Valencia is full of churches and a cathedral but one really caught my eye and again, didn’t even know it existed until I was standing outside it. The Church of Saint Nicolas looks like any other church from the outside but after paying a small fee, I was treated to one of the most beautiful pieces of art to be found in any church in the world. It was on par with the Sistine Chapel in the Vatican City or the Chapel of Holy Trinity in Poland. I spent quite a while taking in the artwork (as well as listening to the audio guide on the history of this beautiful Roman Catholic church). If anything this is the highlight of the trip for me regarding sightseeing.
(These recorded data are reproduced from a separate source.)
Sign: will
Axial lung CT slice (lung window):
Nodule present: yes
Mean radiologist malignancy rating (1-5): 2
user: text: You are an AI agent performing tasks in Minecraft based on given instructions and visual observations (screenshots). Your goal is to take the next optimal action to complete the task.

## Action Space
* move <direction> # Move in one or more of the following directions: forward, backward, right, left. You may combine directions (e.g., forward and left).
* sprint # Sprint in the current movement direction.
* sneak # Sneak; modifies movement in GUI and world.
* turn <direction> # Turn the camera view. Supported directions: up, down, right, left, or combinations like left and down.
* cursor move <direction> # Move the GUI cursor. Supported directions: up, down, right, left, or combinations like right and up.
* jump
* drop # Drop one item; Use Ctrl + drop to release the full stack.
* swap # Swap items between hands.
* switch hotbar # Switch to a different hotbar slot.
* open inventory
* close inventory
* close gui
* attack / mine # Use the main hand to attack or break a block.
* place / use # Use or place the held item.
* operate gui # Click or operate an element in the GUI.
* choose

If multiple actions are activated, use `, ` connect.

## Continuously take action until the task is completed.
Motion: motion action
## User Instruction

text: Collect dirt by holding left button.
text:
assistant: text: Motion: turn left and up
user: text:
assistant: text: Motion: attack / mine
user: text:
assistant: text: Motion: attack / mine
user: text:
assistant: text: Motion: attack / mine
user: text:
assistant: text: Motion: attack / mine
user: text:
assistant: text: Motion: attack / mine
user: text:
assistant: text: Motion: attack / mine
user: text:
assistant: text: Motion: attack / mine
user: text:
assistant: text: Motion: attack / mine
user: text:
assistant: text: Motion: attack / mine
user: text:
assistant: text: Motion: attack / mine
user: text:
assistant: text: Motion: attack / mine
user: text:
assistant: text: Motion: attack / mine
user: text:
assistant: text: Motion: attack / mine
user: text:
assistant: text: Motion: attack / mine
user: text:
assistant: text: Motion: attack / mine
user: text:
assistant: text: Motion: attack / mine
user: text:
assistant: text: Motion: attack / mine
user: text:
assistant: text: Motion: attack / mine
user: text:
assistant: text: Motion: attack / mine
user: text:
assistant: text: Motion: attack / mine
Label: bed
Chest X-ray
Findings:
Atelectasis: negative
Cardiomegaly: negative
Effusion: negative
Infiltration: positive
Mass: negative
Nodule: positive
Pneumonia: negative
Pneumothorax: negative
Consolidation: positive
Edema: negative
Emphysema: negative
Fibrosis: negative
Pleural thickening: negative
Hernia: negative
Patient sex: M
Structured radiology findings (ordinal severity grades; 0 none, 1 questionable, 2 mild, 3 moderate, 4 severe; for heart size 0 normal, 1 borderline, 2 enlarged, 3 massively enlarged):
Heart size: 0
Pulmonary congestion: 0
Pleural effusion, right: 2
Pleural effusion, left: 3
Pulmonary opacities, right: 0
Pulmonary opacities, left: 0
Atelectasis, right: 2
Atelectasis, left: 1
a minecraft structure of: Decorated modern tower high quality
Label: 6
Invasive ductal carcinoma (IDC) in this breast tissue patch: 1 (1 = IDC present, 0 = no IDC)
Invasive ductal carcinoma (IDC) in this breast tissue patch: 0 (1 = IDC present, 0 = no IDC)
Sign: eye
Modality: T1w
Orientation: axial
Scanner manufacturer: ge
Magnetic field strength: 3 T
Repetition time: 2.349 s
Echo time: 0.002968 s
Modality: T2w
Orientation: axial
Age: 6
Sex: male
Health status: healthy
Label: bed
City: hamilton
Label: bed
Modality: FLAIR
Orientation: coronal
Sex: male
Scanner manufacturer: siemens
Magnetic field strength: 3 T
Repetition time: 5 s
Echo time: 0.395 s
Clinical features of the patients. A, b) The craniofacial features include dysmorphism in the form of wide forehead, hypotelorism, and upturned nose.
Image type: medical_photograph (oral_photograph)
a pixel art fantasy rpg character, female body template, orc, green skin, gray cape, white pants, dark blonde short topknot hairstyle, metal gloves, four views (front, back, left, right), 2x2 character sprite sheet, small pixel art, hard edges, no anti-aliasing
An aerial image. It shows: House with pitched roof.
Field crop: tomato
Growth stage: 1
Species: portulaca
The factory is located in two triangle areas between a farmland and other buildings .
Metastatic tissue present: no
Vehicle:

On the northern side of town (and next to the river turned park) is the Torres de Serranos (The Serranos Tower) which is one of twelve gates that formed the city walls which once stood here and has stood proud and loud since the fourteenth century. Again with a Gothic style facade, visitors can climb the steps to the top and gain a view of the northern side of the city. For the best view to see the tower from the ground, it's best to stand on the bridge opposite (over the river/park) to capture the tower in all its glory.
The last place after walking all the way around the city, checking out many tapas bars, has to be the beach and enjoying gentle walks along the seafront. The beach here was wide, sandy and perfect for the summer months and hopefully the sea isn’t too rough in those months as it was in March (when I traveled). I also checked out a couple of the restaurants dotted along here, which were a bit more trendy, upmarket and a little bit more expensive than the eating places in town but still enjoyed myself, sitting outside, drinking a smoothie and watching the waves crash against the beach for a while.
Another fact I didn’t know about until I arrived is that the traditional Spanish dish Paella is from this region. It's so popular here (and all over Spain) that the dish was declared as a National Tourist of Interest to Spain in the 1960s and is also listed in the Cultural Heritage list by UNESCO. That’s how great the dish is in Spain but I didn’t know it came from this region.
So there you have it guys, this is the main reason why Valencia makes a great European city break. A few days is needed here but all the top sights can be done in a day or two. However, there are a lot of eating places to check out and the food here is fantastic. I found compared to the other big Spanish cities, there is more room to roam here, no hustle or bustle of the locals doing their everyday thing, life here is more relaxed. And being an easy place to get to with airlines and high-speed trains within the country, Valencia is fast proving to be the place to visit. I really did enjoy myself here and can’t wait to return to the region to explore.